I also gained the understanding of how powerful prayers can be. Not just those offered for you but those that you can offer to others. I gained humility in how limited my power is and how infinite God’s will always be. And most of all I gained a new understanding of God’s grace. And, just how awesome that simple promise really can be.

At this time I would also, once again, as you to do something important and remarkable for me. On Tuesday May 13th, I will once again have surgery. This time it will be in Nashville at St.Thomas hospital. This procedure is intended to repair a large upper abdominal hernia and in the process remove what is expected to be about 15 pounds of excess skin from my lower abdomen. The procedure will last about 8 hours and after a 2-4 day stay the expected recovery is about 45 days. As I did a year ago, I would humbly ask that you pray for me and my family. Last year that meant literally everything to us.

God’s blessings and my kindest regards,
Scott Lucas

UPDATE - February 2, 2008, Saturday marked the 9th month since my surgery. I have lost 150 pounds 40% of my pre surgery body weight. But I have doubled my stamina and energy. When enough time clears from my schedule I will undertake another surgery to repair an upper abdominal hernia and get rid of about 20 pounds of excess skin.

I have noticed two new developments in myself since the surgery.

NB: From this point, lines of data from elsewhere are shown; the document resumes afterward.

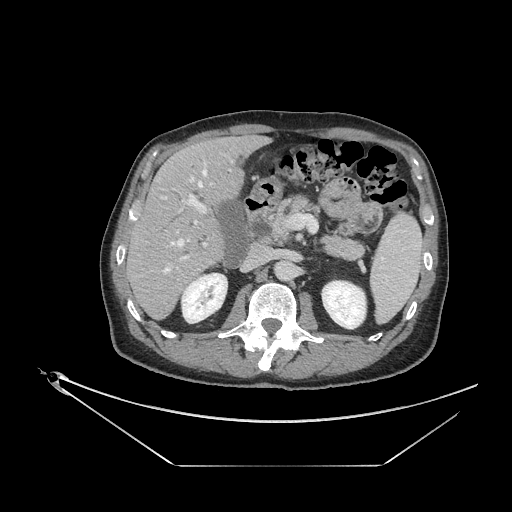

Abdomen. Image size 512x512. CT image. pancreatic tumor: {"x1": 278, "y1": 223, "x2": 288, "y2": 237} | pancreas: {"x1": 271, "y1": 196, "x2": 321, "y2": 242}, {"x1": 318, "y1": 233, "x2": 365, "y2": 261}
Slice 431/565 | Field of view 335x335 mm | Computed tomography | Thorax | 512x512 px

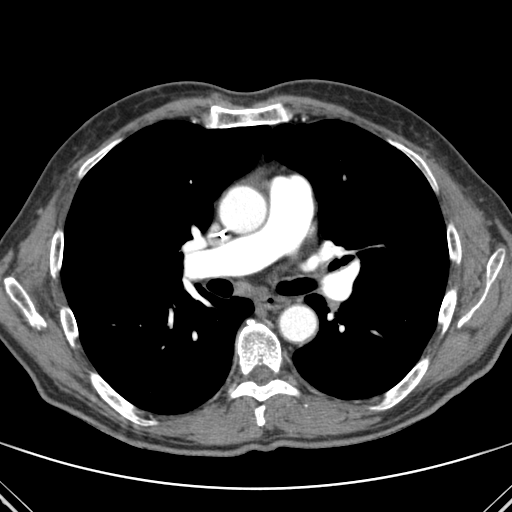
15 bone regions are bounded by region(50, 230, 63, 277); region(227, 269, 245, 275); region(4, 277, 46, 327); region(79, 140, 117, 175); region(188, 266, 202, 277); region(371, 358, 428, 409); region(228, 319, 298, 425); region(91, 373, 155, 425); region(447, 224, 461, 263); region(438, 289, 456, 332); region(185, 281, 199, 299); region(458, 253, 503, 327); region(391, 141, 435, 184); region(60, 307, 77, 345); region(207, 103, 287, 127). The lung appears at region(61, 120, 448, 414).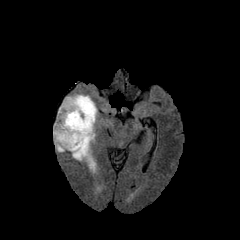
FLAIR MR.
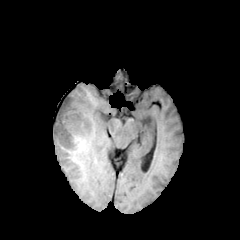
T1-weighted magnetic resonance of the same slice.
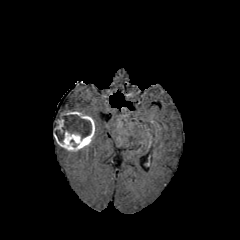
Post-contrast T1-weighted MR.
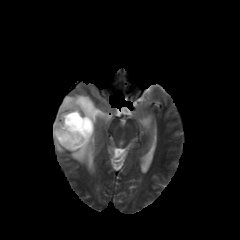
T2-weighted MR image of the same slice.
240x240
enhancing_tumor:
  - region(53, 111, 94, 150)
edema:
  - region(53, 135, 67, 153)
  - region(60, 92, 102, 174)
non-enhancing_tumor_core:
  - region(59, 101, 80, 112)
  - region(55, 114, 91, 142)
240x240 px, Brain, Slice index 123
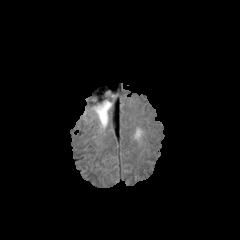
FLAIR MR image.
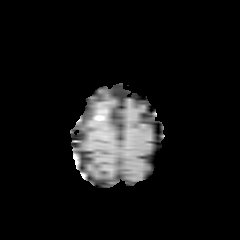
T1-weighted MR image.
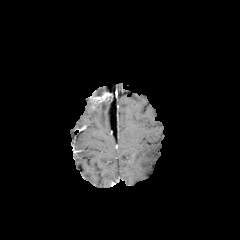
Post-contrast T1-weighted magnetic resonance.
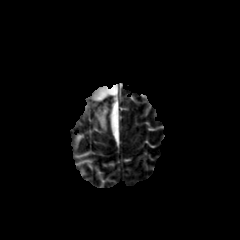
T2-weighted MR.
edema: l=83, t=98, r=111, b=132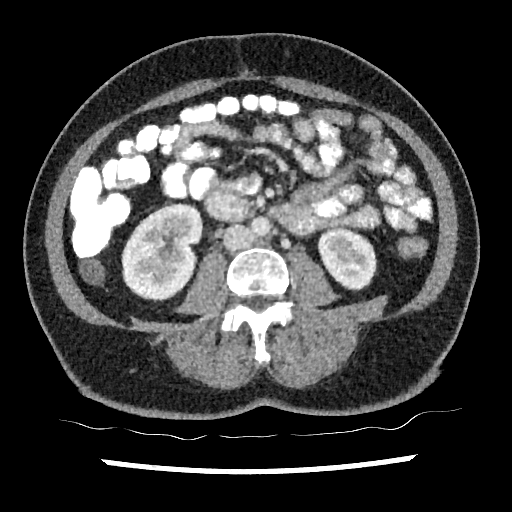
CT; Abdomen

Kidney — (319,229,375,288), (123,204,201,298).

First, I have gained a sense of peace I had not had in years. Before, my life seemed out of control. I was dealing in what seemed like constant chaos. Today the challenges at least on paper are as daunting as ever but I am enjoying the battle rather than fighting for survival. The other is that I have renewed many old relationships. I think that my state had kept me from keeping up old friendships because I was ashamed of what I had become. Now I understand that life if anything is about the relationships you have with people and your creator. I wish you all this same peace.

Thank you all for your continued prayers and support. And that goes for Austin as well. Austin continues to heal. In what is a major step for him, Saturday he will go on his first date! Surely time and God’s grace heals all things.

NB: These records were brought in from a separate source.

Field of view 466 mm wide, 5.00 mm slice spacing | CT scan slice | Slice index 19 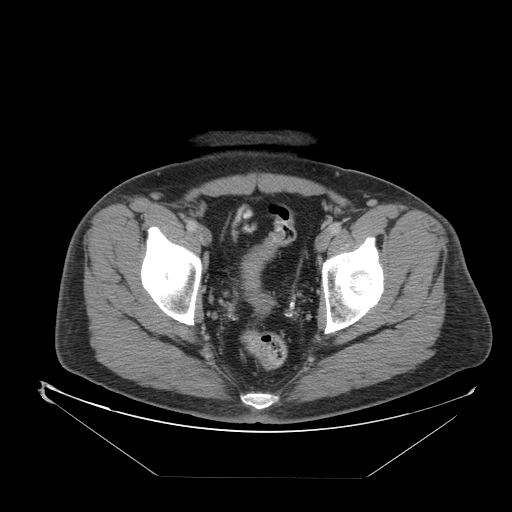
Colon tumor: <bbox>243, 231, 286, 294</bbox>.
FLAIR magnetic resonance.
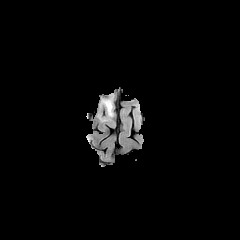
T1-weighted MR.
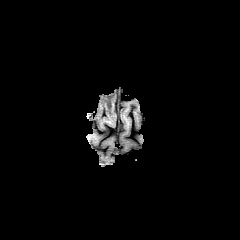
Post-contrast T1-weighted magnetic resonance.
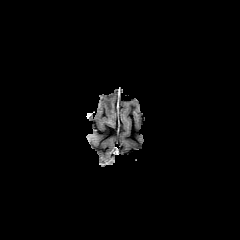
T2-weighted magnetic resonance.
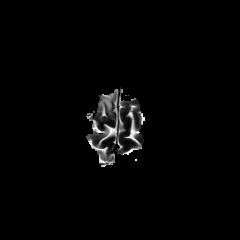
Head.
The edema appears at l=98, t=94, r=114, b=121.
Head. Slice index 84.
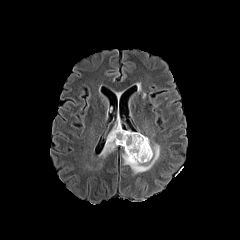
FLAIR MRI.
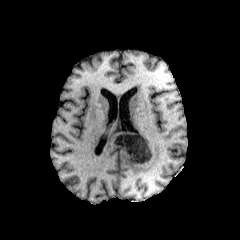
T1-weighted magnetic resonance of the same slice.
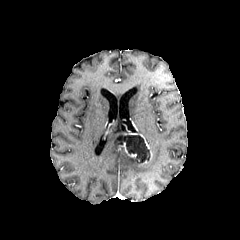
Same slice, post-contrast T1-weighted magnetic resonance.
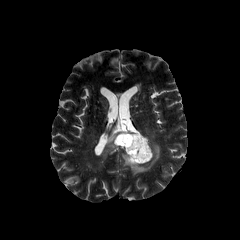
T2-weighted MR.
The non-enhancing tumor core is at 116, 131, 150, 163. The enhancing tumor is located at 129, 132, 149, 148. 2 edema regions appear at 99, 120, 122, 157; 121, 132, 160, 174.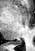 MR image; Medial temporal lobe
posterior_hippocampus:
  - <bbox>13, 40, 21, 44</bbox>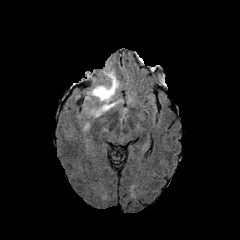
FLAIR magnetic resonance.
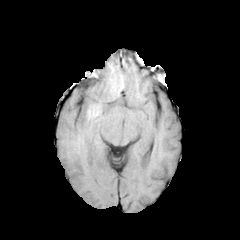
T1-weighted MR image.
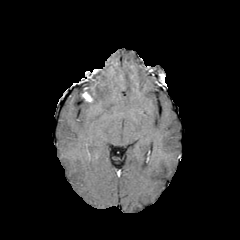
Same slice, post-contrast T1-weighted MR.
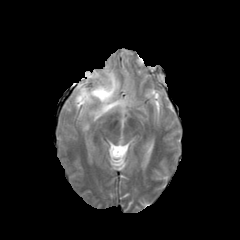
Same slice, T2-weighted MR.
Image size 240x240
Findings:
• enhancing tumor: [82, 89, 93, 102], [85, 71, 101, 82]
• edema: [88, 69, 122, 118]

November 2, 2007 marked six months from the day I had Bariatric surgery and I wanted to report an update on my progress. The photo taken just after surgery in San Francisco (it is really hard for me to look at) and one taken last Saturday are posted on this web page. I have enjoyed wondrous improvements to my health – no more diabetes, high blood pressure or high cholesterol. And I have reduced the pressure settings on my c-pap machine (for sleep apnea) by over half. And I am down 126 pounds. I expect that I will continue to lose over the next year about another 40-50 pounds. I am eating now pretty much what I want --- but I just simply do not want much :-)

This is an opportunity to say thank you – for all the kind words of support, unfaltering encouragement, and, most of all, for all those that prayed for me and my family. This experience has taught me that a person’s true net worth is measured by the quality of their personal relationships. And for what I have experienced, I know that by that measure I am truly a wealthy man.

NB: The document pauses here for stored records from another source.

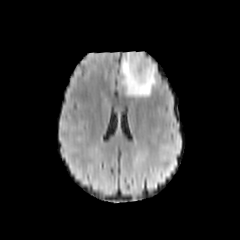
FLAIR MR image.
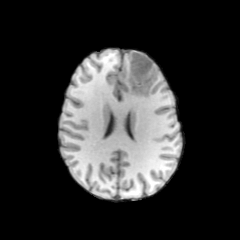
T1-weighted magnetic resonance of the same slice.
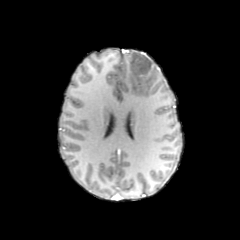
Post-contrast T1-weighted MR.
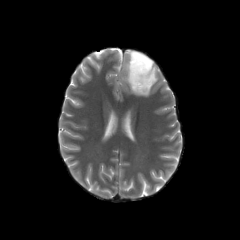
T2-weighted MRI.
Brain, Image size 240x240
<segmentation>
  <edema><box>149,59,157,79</box>, <box>121,51,146,96</box></edema>
  <non-enhancing_tumor_core><box>130,53,155,95</box></non-enhancing_tumor_core>
</segmentation>
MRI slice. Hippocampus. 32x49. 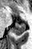 Posterior hippocampus: (13, 24, 25, 35).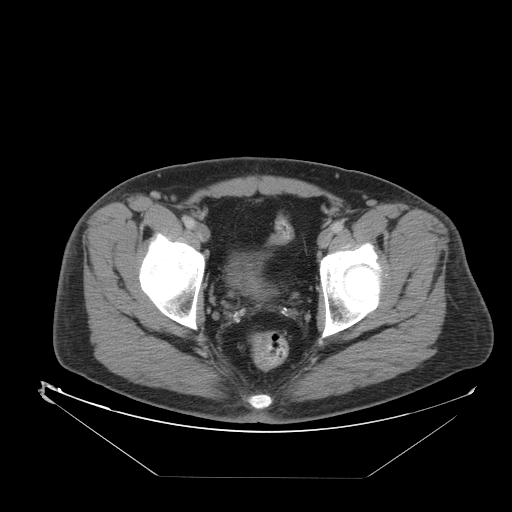

Computed tomography

Segmented structures:
* colon tumor: 269, 231, 284, 245
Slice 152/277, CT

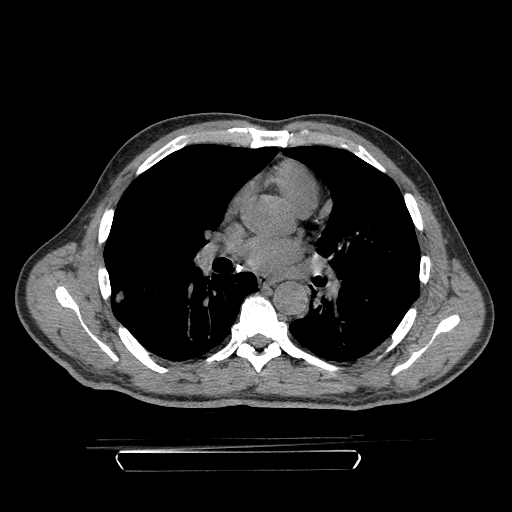 lung_tumor:
  - l=114, t=290, r=125, b=303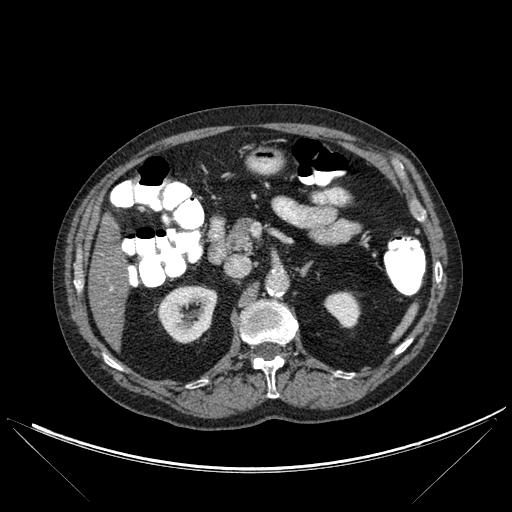 CT. {
  "liver": [
    "x1=89, y1=214, x2=129, y2=348"
  ],
  "bone": [
    "x1=395, y1=339, x2=411, y2=353",
    "x1=252, y1=356, x2=284, y2=397",
    "x1=240, y1=301, x2=297, y2=344",
    "x1=74, y1=280, x2=81, y2=290",
    "x1=188, y1=380, x2=206, y2=388",
    "x1=435, y1=262, x2=442, y2=281",
    "x1=104, y1=355, x2=122, y2=369",
    "x1=335, y1=371, x2=353, y2=378"
  ],
  "kidney": [
    "x1=325, y1=292, x2=359, y2=326",
    "x1=159, y1=287, x2=216, y2=342"
  ]
}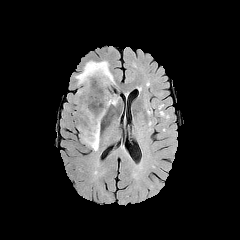
FLAIR MRI.
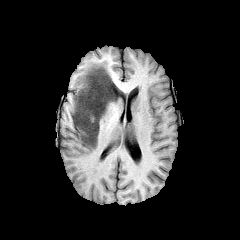
T1-weighted MR.
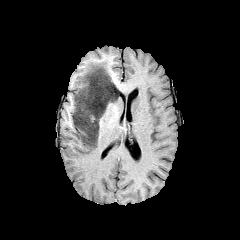
Post-contrast T1-weighted magnetic resonance.
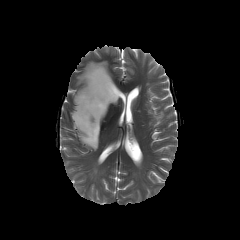
Same slice, T2-weighted MR.
Head
edema:
  - region(86, 136, 99, 150)
  - region(76, 61, 107, 90)
non-enhancing_tumor_core:
  - region(74, 67, 119, 147)
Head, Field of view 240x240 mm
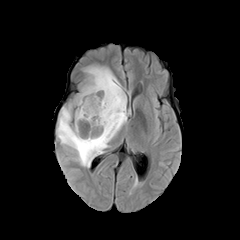
FLAIR magnetic resonance.
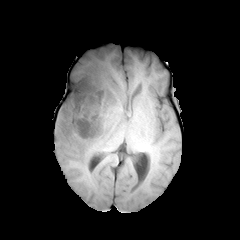
T1-weighted magnetic resonance of the same slice.
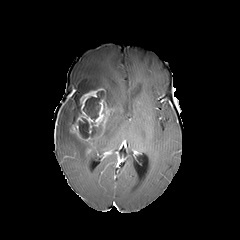
Post-contrast T1-weighted MRI.
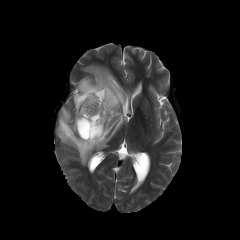
T2-weighted magnetic resonance.
<segmentation>
  <enhancing_tumor>x1=72 y1=88 x2=108 y2=133</enhancing_tumor>
  <edema>x1=56 y1=65 x2=130 y2=167</edema>
  <non-enhancing_tumor_core>x1=78 y1=118 x2=105 y2=141, x1=74 y1=84 x2=113 y2=121</non-enhancing_tumor_core>
</segmentation>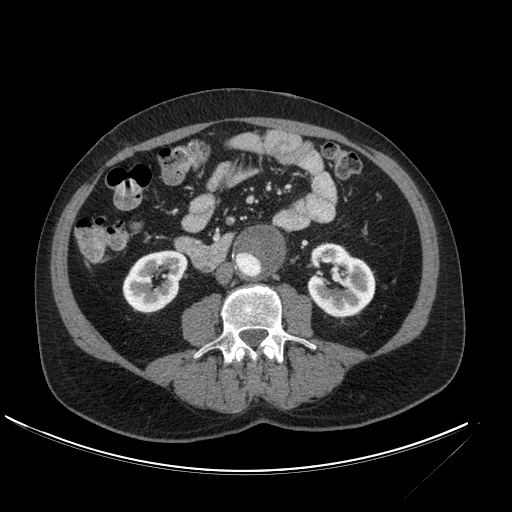
CT image. Image size 512x512.
Kidney at box(308, 244, 374, 315); box(123, 251, 186, 311).
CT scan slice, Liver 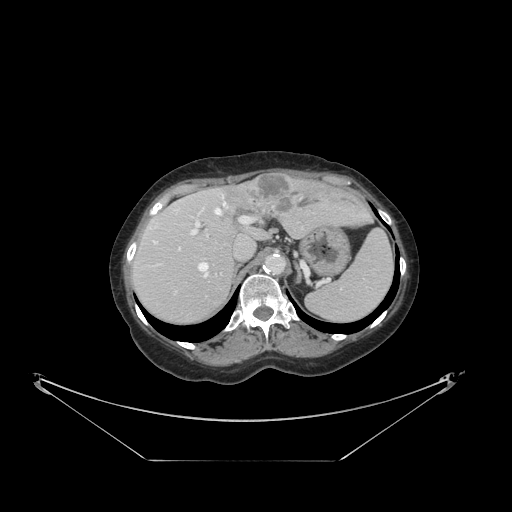 Only some of the vessels may be annotated.
7 hepatic vessel regions are bounded by 223,202,227,207; 190,220,199,234; 235,244,254,258; 214,209,220,213; 153,241,157,243; 198,262,207,277; 239,216,252,223. The liver tumor is located at 244,174,296,213.
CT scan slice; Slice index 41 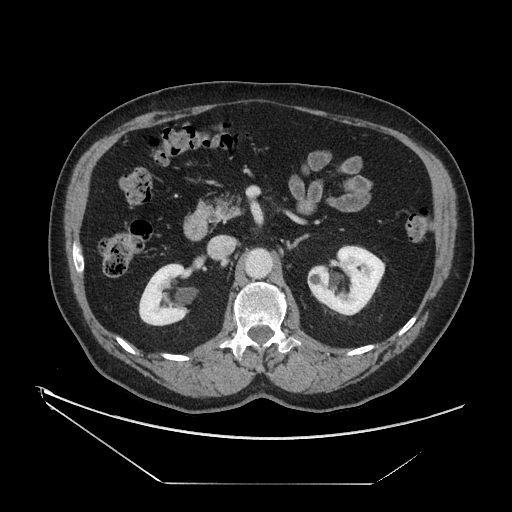

Pancreas — [208,191,242,211].

But most of all I wanted to express my thanks to God. I was blessed in the process of deciding on the surgery and finding my awesome surgeon in Dr. John Husted. I was blessed to survive the surgery itself. And I have been blessed in my recovery. My church alone, especially the mighty hearts of the Fidelis Sunday school class, showed me the power of God’s love over and over again. There was a time last year in the midst of my son, Austin's sickness that I had almost given up hope. But through Him Austin and I are recovering. Surely this is a testament that through Him anything is possible.